A p-value is one of the most used and most misread numbers in all of statistics. Most students can recite "if p is less than 0.05, reject the null" without being able to say what the p-value actually measures. By the end of this guide you will be able to define a p-value precisely, spot the three classic misinterpretations, and explain a result in plain language.

What a P-Value Actually Measures

A p-value answers one narrow question: if the null hypothesis were true, how surprising is the data you collected?

More precisely, the p-value is the probability of observing a result at least as extreme as your sample result, assuming the null hypothesis is true. The phrase "at least as extreme" matters — it includes your observed outcome and every outcome further from the null in the direction your test is checking.

Here is a concrete case. A coin is claimed to be fair (the null hypothesis: probability of heads = 0.5). You flip it 20 times and get 16 heads. The p-value is the probability of getting 16 or more heads (for a two-sided test, 16 or more or 4 or fewer) in 20 flips of a genuinely fair coin. That probability works out to about 0.012. So if the coin really were fair, a result this lopsided would happen only about 1.2% of the time.

A small p-value means your data would be unusual under the null. That is evidence against the null. A large p-value means your data is unremarkable under the null — no contradiction, so no reason to abandon it.

A single coin mid-flip casting a long shadow on a plain surface
A p-value asks how surprising your data would be if the null hypothesis were true.

The Three Things a P-Value Is Not

The misinterpretations below are so common that exam questions are written specifically to catch them.

It is not the probability that the null hypothesis is true. A p-value of 0.012 does not mean there is a 1.2% chance the coin is fair. The p-value is computed assuming the null is true — it cannot then turn around and tell you the probability of that assumption. The null is either true or it is not; the p-value is a statement about data, not about the hypothesis.

It is not the probability your result happened by chance.
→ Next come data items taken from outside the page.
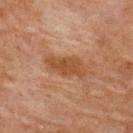The lesion was tiled from a total-body skin photograph and was not biopsied. The subject is a female aged approximately 80. The lesion's longest dimension is about 5 mm. Imaged with cross-polarized lighting. Cropped from a total-body skin-imaging series; the visible field is about 15 mm. On the upper back.
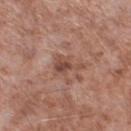The patient is a male in their mid- to late 50s.
A 15 mm close-up tile from a total-body photography series done for melanoma screening.
Located on the left lower leg.
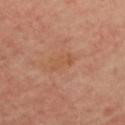This lesion was catalogued during total-body skin photography and was not selected for biopsy.
Approximately 3.5 mm at its widest.
The patient is a female aged 48 to 52.
A lesion tile, about 15 mm wide, cut from a 3D total-body photograph.
From the upper back.
Captured under cross-polarized illumination.
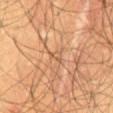Captured during whole-body skin photography for melanoma surveillance; the lesion was not biopsied. A male patient aged approximately 60. On the abdomen. About 2 mm across. An algorithmic analysis of the crop reported an area of roughly 2 mm², an outline eccentricity of about 0.7 (0 = round, 1 = elongated), and a symmetry-axis asymmetry near 0.4. This image is a 15 mm lesion crop taken from a total-body photograph.
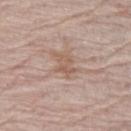Case summary:
• biopsy status — no biopsy performed (imaged during a skin exam)
• subject — female, about 65 years old
• lesion size — ≈3 mm
• image — 15 mm crop, total-body photography
• site — the left thigh
• automated metrics — a footprint of about 4.5 mm², an outline eccentricity of about 0.75 (0 = round, 1 = elongated), and a symmetry-axis asymmetry near 0.35; about 7 CIELAB-L* units darker than the surrounding skin and a normalized border contrast of about 5.5; border irregularity of about 4 on a 0–10 scale, a within-lesion color-variation index near 3/10, and peripheral color asymmetry of about 1; lesion-presence confidence of about 95/100
• illumination — white-light
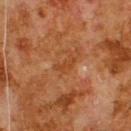follow-up: total-body-photography surveillance lesion; no biopsy
body site: the upper back
imaging modality: total-body-photography crop, ~15 mm field of view
image-analysis metrics: an area of roughly 2.5 mm², a shape eccentricity near 0.95, and a symmetry-axis asymmetry near 0.5; roughly 5 lightness units darker than nearby skin and a normalized border contrast of about 5; a nevus-likeness score of about 0/100 and a detector confidence of about 100 out of 100 that the crop contains a lesion
patient: male, aged approximately 80
size: about 3 mm
lighting: cross-polarized
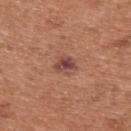Notes:
– notes: imaged on a skin check; not biopsied
– TBP lesion metrics: a lesion color around L≈46 a*≈24 b*≈26 in CIELAB, a lesion–skin lightness drop of about 10, and a normalized lesion–skin contrast near 8; a classifier nevus-likeness of about 45/100 and a lesion-detection confidence of about 100/100
– imaging modality: 15 mm crop, total-body photography
– lesion size: about 3 mm
– location: the upper back
– patient: male, roughly 55 years of age
– lighting: white-light illumination
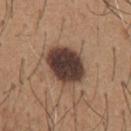biopsy status = catalogued during a skin exam; not biopsied.

Every result in a random sample involves chance. The p-value does not measure "how much luck was involved." It measures how well the data fits one specific model of the world — the null model.

It is not a measure of effect size. A tiny, trivial difference can produce a very small p-value if your sample is large enough. P-values shrink as sample size grows, so "p < 0.001" tells you the effect is detectable, not that it is large or important. A statistically significant result can still be practically meaningless.

How to Read a P-Value Against Your Significance Level

Before collecting data you choose a significance level, written as alpha (α), usually 0.05. Alpha is the threshold for how much surprise you will tolerate before rejecting the null. The decision rule is mechanical:

  • If p ≤ α, reject the null hypothesis. The result is "statistically significant."
  • If p > α, fail to reject the null hypothesis.

Note the careful wording: you "fail to reject" the null — you never "accept" or "prove" it. A large p-value means your data did not contradict the null, not that the null is confirmed. Absence of evidence is not evidence of absence.

For the coin example, p = 0.012 is less than α = 0.05, so you reject the null and conclude the coin is not fair. If you had gotten 12 heads instead, the two-sided p-value would be about 0.50 — far above 0.05 — and you would fail to reject.

The 0.05 cutoff is a convention, not a law of nature. A result with p = 0.049 and one with p = 0.051 are nearly identical pieces of evidence; the line between them is arbitrary. Treat p-values as a continuous measure of evidence rather than a hard pass/fail switch.

Writing the Conclusion in Plain Language

On an exam, a p-value question almost always ends with "state your conclusion in the context of the problem." A strong answer has three parts: the decision, the reason, and the real-world meaning.

Weak: "p = 0.012 < 0.05, so reject the null."

Strong: "Because p = 0.012 is below the 0.05 significance level, we reject the null hypothesis. There is statistically significant evidence that the coin is not fair — a sample this extreme would occur only about 1.2% of the time if the coin were truly fair."

The strong version names the decision, ties it to the threshold, and translates the statistics back into the language of the original question. That last step is what graders look for, and it is the step that proves you understand the p-value rather than just the cutoff.

Getting Help

P-values live inside the larger machinery of hypothesis testing, so they make the most sense once you have seen a full test built from scratch. Walk through one in setting up a hypothesis test, and pair this with Type I vs. Type II error to see what can go wrong when you act on a p-value.

Conclusion

A p-value, explained simply, is the probability of data at least as extreme as yours when the null hypothesis is true — nothing more. It is not the chance the null is true, not the chance your result was luck, and not a measure of how big an effect is. Compare it to your significance level to make a decision, but report it as evidence on a sliding scale, and always translate the result back into the context of the question.